E: That's a great reason.

B: Well, it's true. I just enjoy writing. It's the most fun you can have with your clothes on.

E: [Laughs] You know, I've heard you described as "Runyonesque."

B: [Laughs] The Time Out New York last week called me a "legendary sports writer" and also "legendary barfly."

E: I've heard that too. One person wanted me to ask you what your favorite drink was.

B: Well, it depends on the season. See, I change hats in the seasons, I'm an old Southern boy, so, I wear a fedora from Labor Day to Memorial Day and a Panama from Memorial Day to Labor Day. No socks and I change my drinks. Duri ng my Fedora season I'm Scotch and Soda -- J&B or Cutty Sark or even Chivas, if I can get my hands on it. In the Summer with the Panama, I go to Vodka and Tonic.

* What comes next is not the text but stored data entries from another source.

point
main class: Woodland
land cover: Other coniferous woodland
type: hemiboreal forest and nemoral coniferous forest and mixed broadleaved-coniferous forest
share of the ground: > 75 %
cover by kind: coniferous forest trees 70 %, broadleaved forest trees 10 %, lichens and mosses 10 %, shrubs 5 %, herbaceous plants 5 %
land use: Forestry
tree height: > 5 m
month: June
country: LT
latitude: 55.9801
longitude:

E: That's a true renaissance man.

B: Yeah, I do have a good time at bars. I was in the honorary drinking fraternity in graduate school. [Laughs] So, I can hold my own and I have always enjoyed doing so. I've gotten to a point in my life I believe being a good liver is better than having one.

E: [Laugh] So, sum up for me your feelings about the sport of boxing.

B: Ah, boxing, I mean, the people in it have given me the most fun I have ever had. The people in it are, well, they are not people you are gonna take to a cotillion or the Country Club. But, they are just neat people. They're funny. And even if you have to count not only your rings but your fingers after you shake hands with them, they are storied and they're great copy. They're great copy. And that's what we're all about. If you are a writer you need stories. It sure as Hell beats practicing law.

E: Well, I've really enjoyed talking to you. It was a lot of fun.

B: That's your problem, not mine. Do I sound any different in voice than I do in print?

E: Oh, I've seen you on TV a few times.

B: Do I sound any different now than I did then?

E: No, you sound, you're exactly, and this is a compliment, exactly what I expected. A string of wisecracks and some very interesting comments along the way.

B: I just sit around and I have a good time. And, sometimes I get very toungue-in-cheek. And you know what? That's a fun way to be, if you can get away with it. 'Course, sometimes it depends whose tongue is in whose cheek.

E: Well, once you have a certain amount of credibility built up over the years, you can get away with doing that a lot more.

B: Well, God knows how. I think I just outlived everybody.

E: Thank you very much, sir.

B: Thank you for putting up with me.